[AVAILABLE DATA]

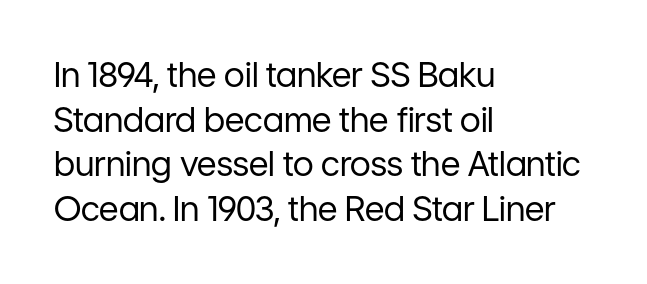
The image shows 34 px regular-weight sans-serif type, upright; set left-aligned, normal line spacing (1.31x), normal letter spacing, not underlined; low stroke contrast and a medium x-height.
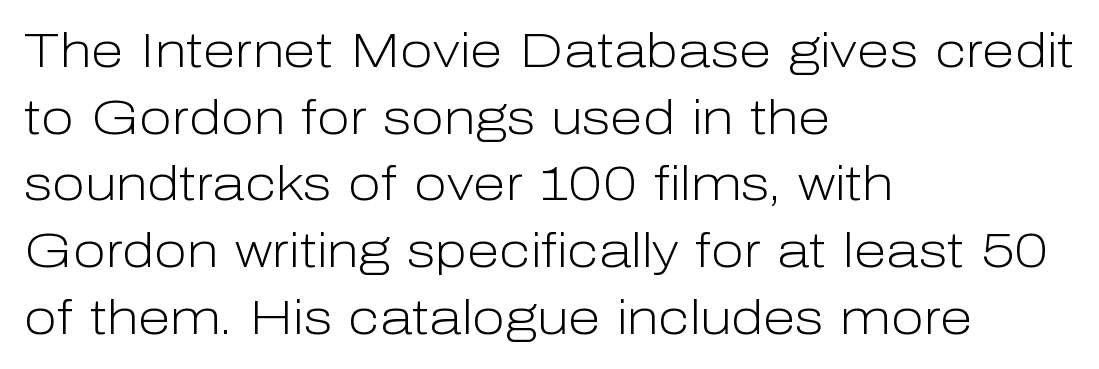
{"serif": "no", "italic": "no", "bold": "no", "weight": "light", "width": "normal", "stroke_contrast": "low", "x_height": "medium", "monospaced": "no", "underline": "no", "align": "left", "line_spacing": "normal", "line_spacing_ratio": 1.39, "letter_spacing": "normal", "letter_spacing_em": 0.0, "glyph_px": 48}
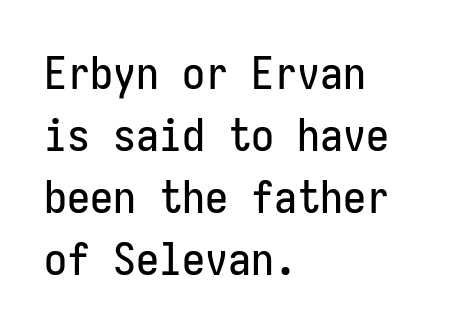
Upright lettering throughout. The horizontal fit of the characters is conventional and even. One glance says typical: line gaps are just what's usual. You could count columns in this text — the font is strictly monospaced.
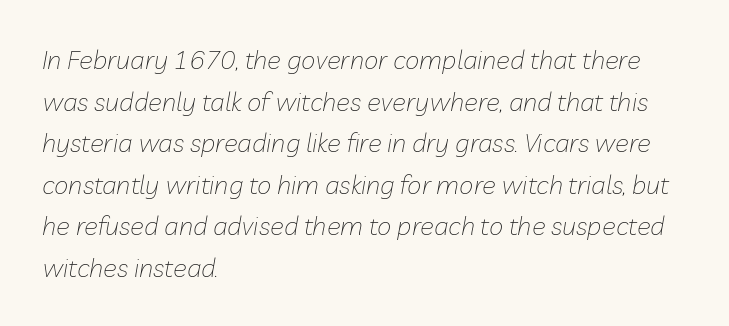
The image shows 26 px text type, italic (leaning right); set left-aligned, normal line spacing (1.6x), normal letter spacing, not underlined.
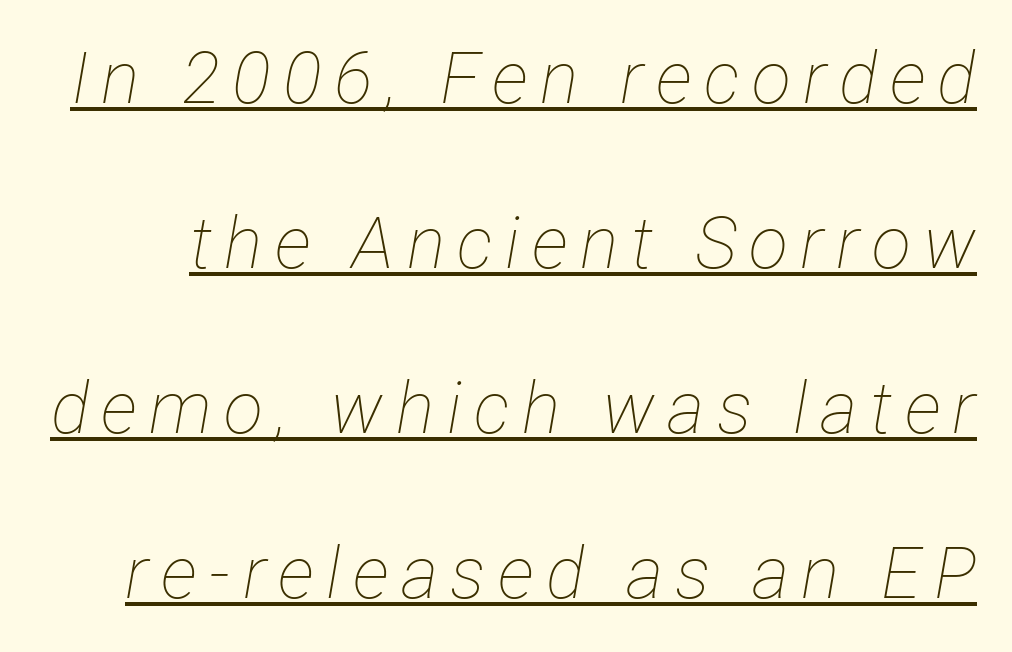
Q: Is the text bold? A: No.
Q: Is the text italic (slanted)? A: Yes, it leans right by about 12 degrees.
Q: Is the text underlined? A: Yes.
Q: Is the spacing between lines tight, normal or loose? A: Loose.
Q: Width (condensed, normal, or wide)? A: Condensed.
Q: Stroke contrast? A: Low.
Q: x-height? A: Medium.
Q: Monospaced? A: No.
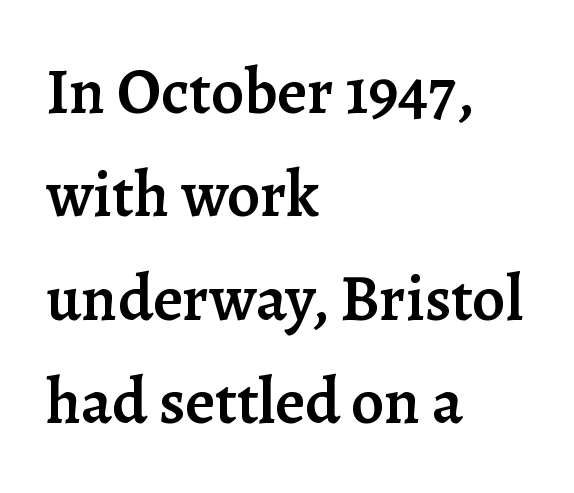
Q: Is the text bold? A: Semi-bold.
Q: Is the text italic (slanted)? A: No, it is upright.
Q: Is the typeface a serif or a sans-serif typeface? A: Serif.
Q: Is the text underlined? A: No.
Q: How is the paragraph aligned? A: Left-aligned.
Q: Is the spacing between letters normal or unusually wide? A: Normal.
Q: Is the spacing between lines tight, normal or loose? A: Normal.
Q: Width (condensed, normal, or wide)? A: Normal.
Q: Stroke contrast? A: Low.
Q: x-height? A: Medium.
Q: Monospaced? A: No.
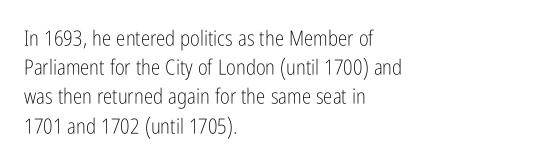
The image shows 21 px text type, upright; set left-aligned, normal line spacing (1.39x), normal letter spacing, not underlined.
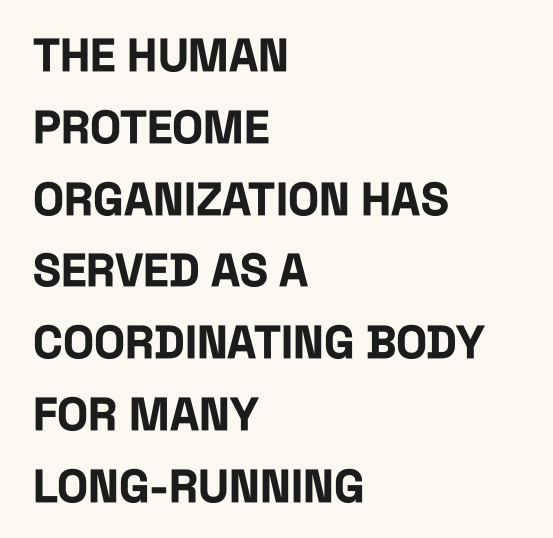
{"serif": "no", "italic": "no", "bold": "yes", "weight": "bold", "width": "condensed", "stroke_contrast": "low", "x_height": "large", "monospaced": "no", "underline": "no", "align": "left", "line_spacing": "normal", "line_spacing_ratio": 1.56, "letter_spacing": "normal", "letter_spacing_em": 0.0, "glyph_px": 46}
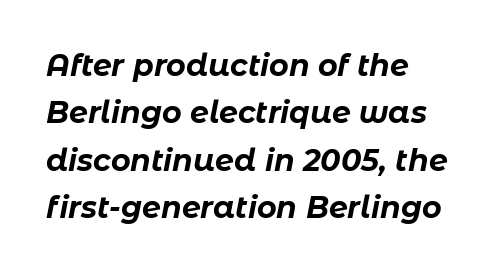
{"italic": "yes", "lean": "right", "slant_degrees": 11, "bold": "yes", "weight": "bold", "width": "normal", "stroke_contrast": "low", "x_height": "medium", "monospaced": "no", "underline": "no", "align": "left", "line_spacing": "normal", "line_spacing_ratio": 1.58, "letter_spacing": "normal", "letter_spacing_em": 0.0, "glyph_px": 30}
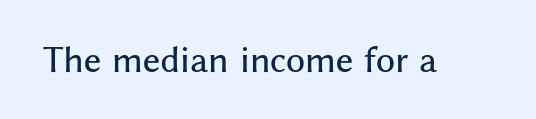
Q: Is the text italic (slanted)? A: No, it is upright.
Q: Is the typeface a serif or a sans-serif typeface? A: Sans-serif.
Q: Is the text underlined? A: No.
Q: Is the spacing between letters normal or unusually wide? A: Normal.
Q: Width (condensed, normal, or wide)? A: Normal.
Q: Stroke contrast? A: Medium.
Q: x-height? A: Medium.
Q: Monospaced? A: No.
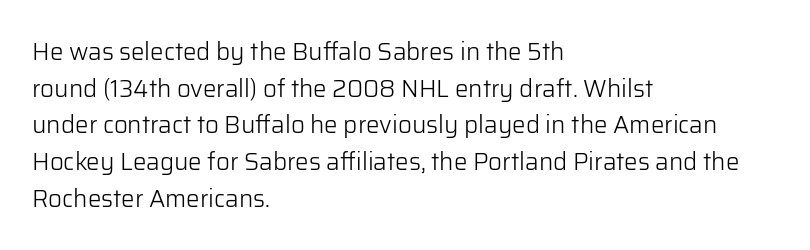
{"italic": "no", "bold": "no", "underline": "no", "align": "left", "line_spacing": "normal", "line_spacing_ratio": 1.53, "letter_spacing": "normal", "letter_spacing_em": 0.0, "glyph_px": 24}
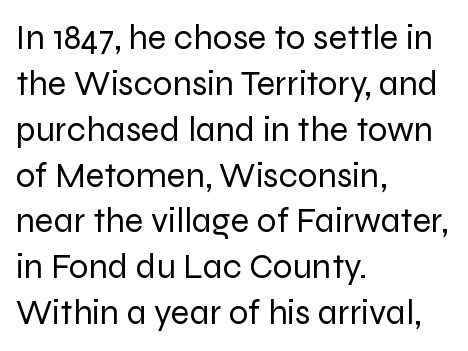
Q: Is the text bold? A: No.
Q: Is the text italic (slanted)? A: No, it is upright.
Q: Is the typeface a serif or a sans-serif typeface? A: Sans-serif.
Q: Is the text underlined? A: No.
Q: How is the paragraph aligned? A: Left-aligned.
Q: Is the spacing between letters normal or unusually wide? A: Normal.
Q: Is the spacing between lines tight, normal or loose? A: Normal.
Q: Width (condensed, normal, or wide)? A: Normal.
Q: Stroke contrast? A: Low.
Q: x-height? A: Medium.
Q: Monospaced? A: No.
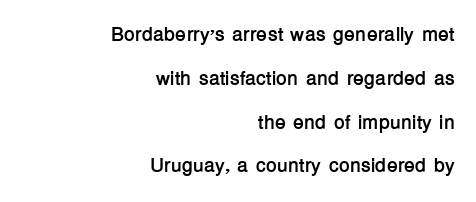
{"italic": "no", "bold": "yes", "underline": "no", "align": "right", "line_spacing": "loose", "line_spacing_ratio": 2.19, "letter_spacing": "normal", "letter_spacing_em": 0.0, "glyph_px": 20}
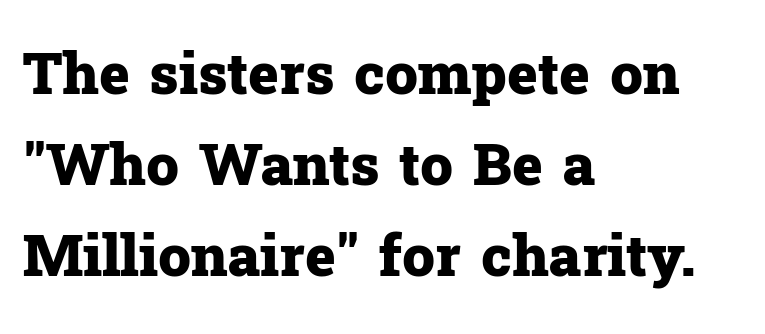
{"serif": "yes", "italic": "no", "bold": "yes", "weight": "heavy", "width": "normal", "stroke_contrast": "low", "x_height": "medium", "monospaced": "no", "underline": "no", "align": "left", "line_spacing": "normal", "line_spacing_ratio": 1.57, "letter_spacing": "normal", "letter_spacing_em": 0.0, "glyph_px": 58}
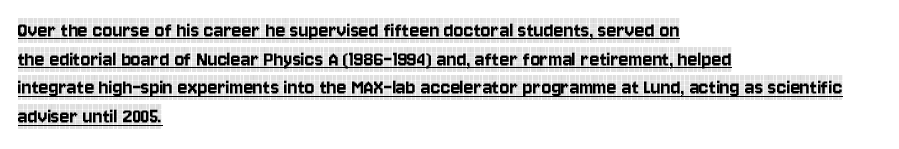
{"italic": "no", "underline": "yes", "align": "left", "line_spacing": "normal", "line_spacing_ratio": 1.25, "letter_spacing": "normal", "letter_spacing_em": 0.0, "glyph_px": 23}
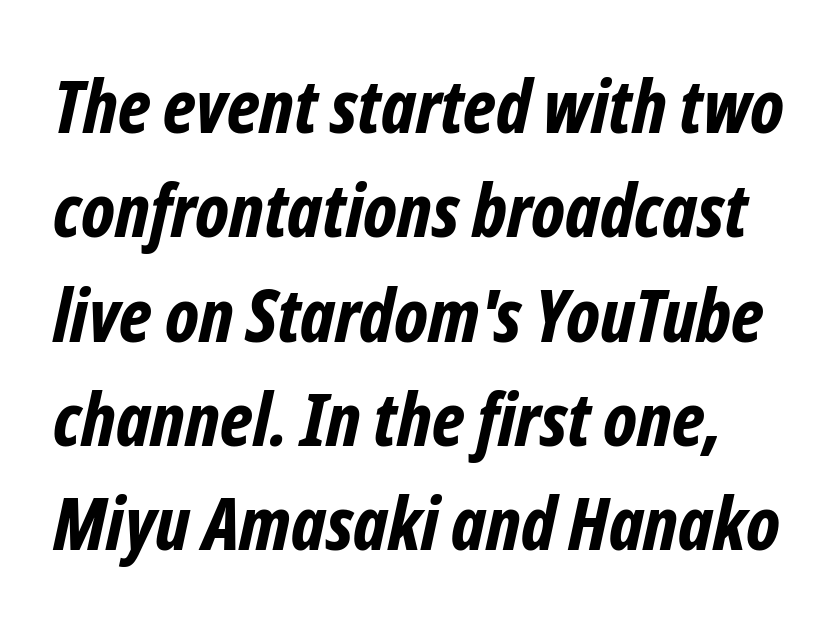
The image shows 74 px bold, condensed type, italic (leaning right); set normal line spacing (1.41x), normal letter spacing, not underlined; low stroke contrast and a medium x-height.
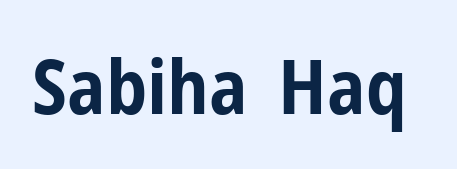
{"serif": "no", "italic": "no", "bold": "yes", "weight": "bold", "width": "condensed", "stroke_contrast": "low", "x_height": "medium", "monospaced": "no", "underline": "no", "letter_spacing": "normal", "letter_spacing_em": 0.0, "glyph_px": 76}
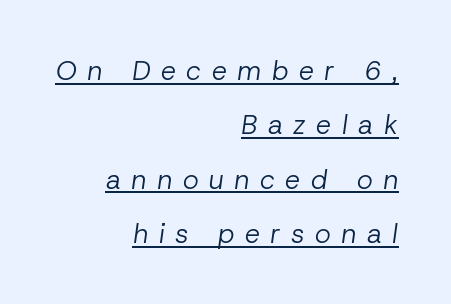
Q: Is the text bold? A: No.
Q: Is the text italic (slanted)? A: Yes, it leans right by about 8 degrees.
Q: Is the text underlined? A: Yes.
Q: How is the paragraph aligned? A: Right-aligned.
Q: Is the spacing between letters normal or unusually wide? A: Unusually wide.
Q: Is the spacing between lines tight, normal or loose? A: Loose.
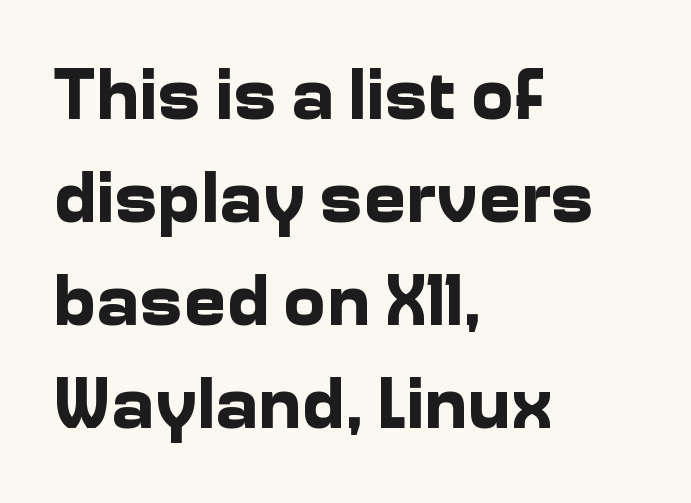
The image shows 72 px bold sans-serif type, upright; set left-aligned, normal line spacing (1.43x), normal letter spacing, not underlined; low stroke contrast and a medium x-height.

[/AVAILABLE DATA]

EXERCISE INSTRUCTIONS:
Type out each line of the records above exactly, skipping any pictures.

TASK OUTPUT:
The image shows 34 px regular-weight sans-serif type, upright; set left-aligned, normal line spacing (1.31x), normal letter spacing, not underlined; low stroke contrast and a medium x-height.
{"serif": "no", "italic": "no", "bold": "no", "weight": "light", "width": "normal", "stroke_contrast": "low", "x_height": "medium", "monospaced": "no", "underline": "no", "align": "left", "line_spacing": "normal", "line_spacing_ratio": 1.39, "letter_spacing": "normal", "letter_spacing_em": 0.0, "glyph_px": 48}
Upright lettering throughout. The horizontal fit of the characters is conventional and even. One glance says typical: line gaps are just what's usual. You could count columns in this text — the font is strictly monospaced.
The image shows 26 px text type, italic (leaning right); set left-aligned, normal line spacing (1.6x), normal letter spacing, not underlined.
Q: Is the text bold? A: No.
Q: Is the text italic (slanted)? A: Yes, it leans right by about 12 degrees.
Q: Is the text underlined? A: Yes.
Q: Is the spacing between lines tight, normal or loose? A: Loose.
Q: Width (condensed, normal, or wide)? A: Condensed.
Q: Stroke contrast? A: Low.
Q: x-height? A: Medium.
Q: Monospaced? A: No.
Q: Is the text bold? A: Semi-bold.
Q: Is the text italic (slanted)? A: No, it is upright.
Q: Is the typeface a serif or a sans-serif typeface? A: Serif.
Q: Is the text underlined? A: No.
Q: How is the paragraph aligned? A: Left-aligned.
Q: Is the spacing between letters normal or unusually wide? A: Normal.
Q: Is the spacing between lines tight, normal or loose? A: Normal.
Q: Width (condensed, normal, or wide)? A: Normal.
Q: Stroke contrast? A: Low.
Q: x-height? A: Medium.
Q: Monospaced? A: No.
The image shows 21 px text type, upright; set left-aligned, normal line spacing (1.39x), normal letter spacing, not underlined.
{"serif": "no", "italic": "no", "bold": "yes", "weight": "bold", "width": "condensed", "stroke_contrast": "low", "x_height": "large", "monospaced": "no", "underline": "no", "align": "left", "line_spacing": "normal", "line_spacing_ratio": 1.56, "letter_spacing": "normal", "letter_spacing_em": 0.0, "glyph_px": 46}
{"italic": "yes", "lean": "right", "slant_degrees": 11, "bold": "yes", "weight": "bold", "width": "normal", "stroke_contrast": "low", "x_height": "medium", "monospaced": "no", "underline": "no", "align": "left", "line_spacing": "normal", "line_spacing_ratio": 1.58, "letter_spacing": "normal", "letter_spacing_em": 0.0, "glyph_px": 30}
Q: Is the text italic (slanted)? A: No, it is upright.
Q: Is the typeface a serif or a sans-serif typeface? A: Sans-serif.
Q: Is the text underlined? A: No.
Q: Is the spacing between letters normal or unusually wide? A: Normal.
Q: Width (condensed, normal, or wide)? A: Normal.
Q: Stroke contrast? A: Medium.
Q: x-height? A: Medium.
Q: Monospaced? A: No.
{"italic": "no", "bold": "no", "underline": "no", "align": "left", "line_spacing": "normal", "line_spacing_ratio": 1.53, "letter_spacing": "normal", "letter_spacing_em": 0.0, "glyph_px": 24}
Q: Is the text bold? A: No.
Q: Is the text italic (slanted)? A: No, it is upright.
Q: Is the typeface a serif or a sans-serif typeface? A: Sans-serif.
Q: Is the text underlined? A: No.
Q: How is the paragraph aligned? A: Left-aligned.
Q: Is the spacing between letters normal or unusually wide? A: Normal.
Q: Is the spacing between lines tight, normal or loose? A: Normal.
Q: Width (condensed, normal, or wide)? A: Normal.
Q: Stroke contrast? A: Low.
Q: x-height? A: Medium.
Q: Monospaced? A: No.
{"italic": "no", "bold": "yes", "underline": "no", "align": "right", "line_spacing": "loose", "line_spacing_ratio": 2.19, "letter_spacing": "normal", "letter_spacing_em": 0.0, "glyph_px": 20}
{"serif": "yes", "italic": "no", "bold": "yes", "weight": "heavy", "width": "normal", "stroke_contrast": "low", "x_height": "medium", "monospaced": "no", "underline": "no", "align": "left", "line_spacing": "normal", "line_spacing_ratio": 1.57, "letter_spacing": "normal", "letter_spacing_em": 0.0, "glyph_px": 58}
{"italic": "no", "underline": "yes", "align": "left", "line_spacing": "normal", "line_spacing_ratio": 1.25, "letter_spacing": "normal", "letter_spacing_em": 0.0, "glyph_px": 23}
The image shows 74 px bold, condensed type, italic (leaning right); set normal line spacing (1.41x), normal letter spacing, not underlined; low stroke contrast and a medium x-height.
{"serif": "no", "italic": "no", "bold": "yes", "weight": "bold", "width": "condensed", "stroke_contrast": "low", "x_height": "medium", "monospaced": "no", "underline": "no", "letter_spacing": "normal", "letter_spacing_em": 0.0, "glyph_px": 76}
Q: Is the text bold? A: No.
Q: Is the text italic (slanted)? A: Yes, it leans right by about 8 degrees.
Q: Is the text underlined? A: Yes.
Q: How is the paragraph aligned? A: Right-aligned.
Q: Is the spacing between letters normal or unusually wide? A: Unusually wide.
Q: Is the spacing between lines tight, normal or loose? A: Loose.
The image shows 72 px bold sans-serif type, upright; set left-aligned, normal line spacing (1.43x), normal letter spacing, not underlined; low stroke contrast and a medium x-height.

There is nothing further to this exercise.